This post came at a very very apt time @Doreensfree, my heartfelt thanks for it.
I don't necessarily want to term my quit as anything, but that then makes it absolutely a good fit for "no man's land".
Considering the stress at work nowadays (and I know who doesn't have stress at work), but the stress of asking people to walk out after giving years of their life to a place, is quite disturbing. This makes you examine whether your brain and your heart even sync up anymore.
Anywho, so on the back of those 'existential' questions, the past couple of days I've had way too many urges to smoke one...and I've had multiple opportunities. I don't know why I haven't picked one up yet, myriad reasons, all of the amazing support on this forum being one of them, sometimes, the sheer "weakness" of my mind being one of them.

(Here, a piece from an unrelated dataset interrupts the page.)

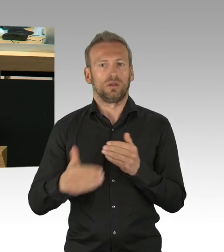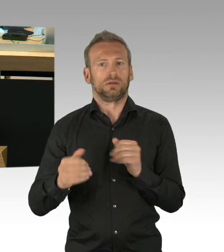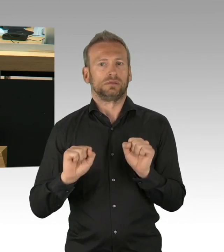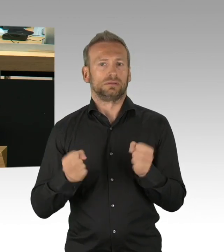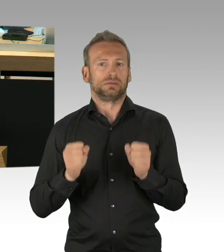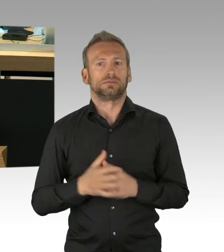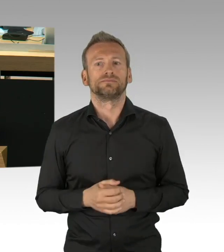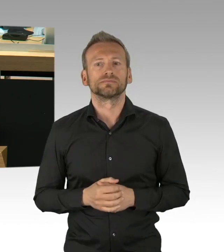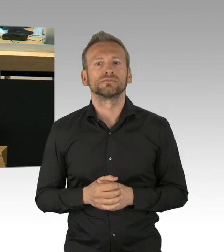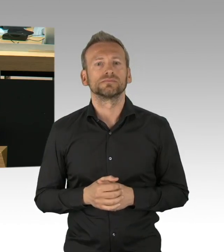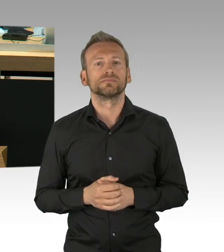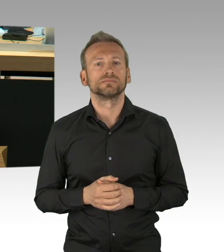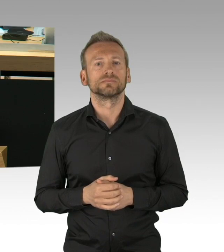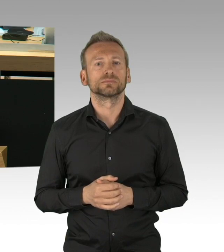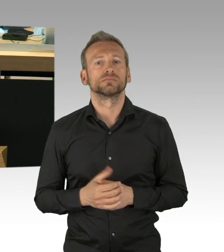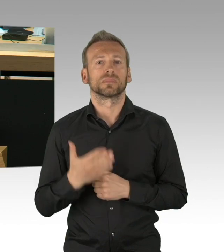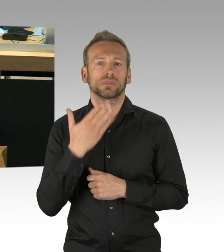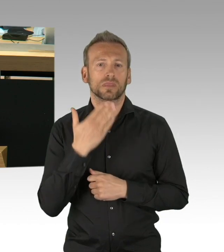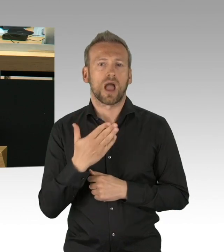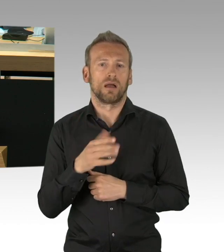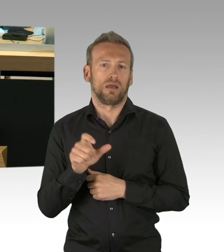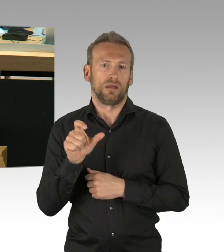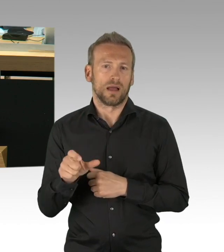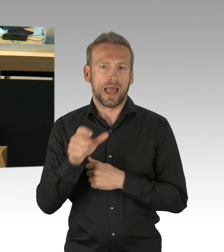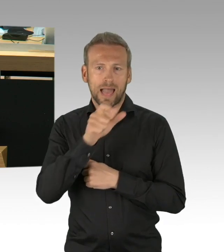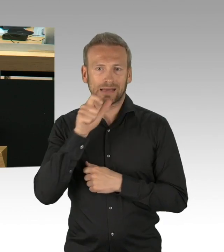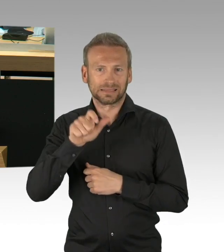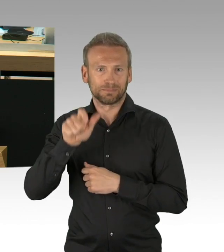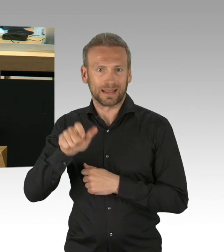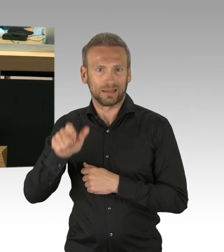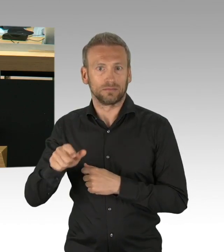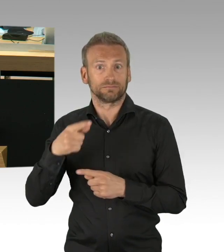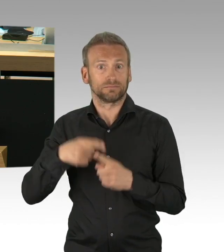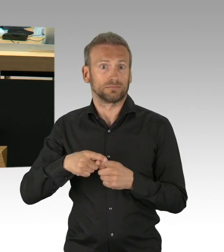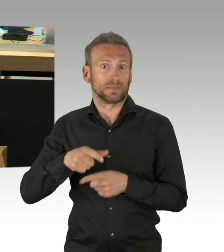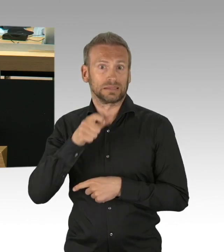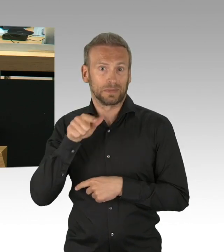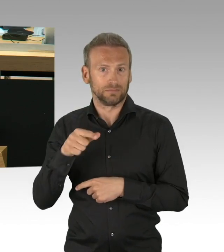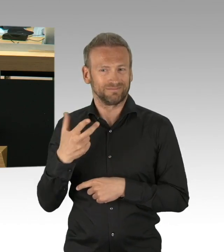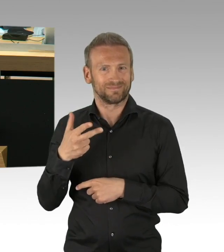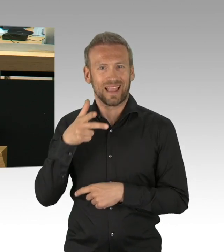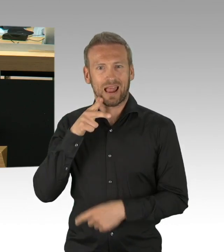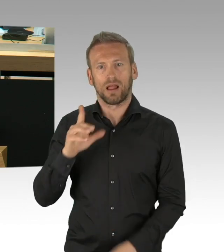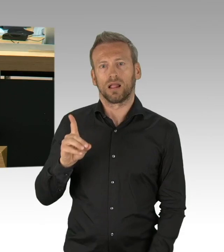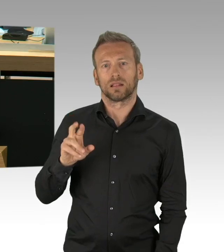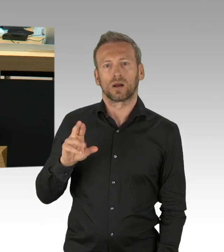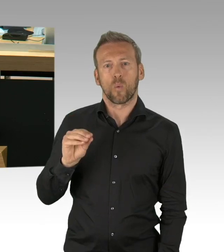der unser Vertrauen bisher verantwortungsvoll genutzt hat, mit Rechtsverordnungen die akute Krise abzuwenden.

As I write this, it's 1.30 AM in Mumbai, and I can picture myself out on my balcony, in the olden days, having a smoke. Rushing in, brushing my teeth and spraying some air-freshener, in case my mum walks in (yes I do live with my mother, as is quite common in India).
Then I now open the window, step out on to the balcony and just stand there, smelling the fresh air and realize I can't solve that problem with a smoke.
These minute by minute reminders and reinforcements that smoking won't change a thing are what's getting me by, and now, this topic and post that you shared only adds to my fragile determination (paradoxical term, I know).
But thank you once again, and sorry for all the rambling.
Thanks to all of you for ensuring people like me don't give up.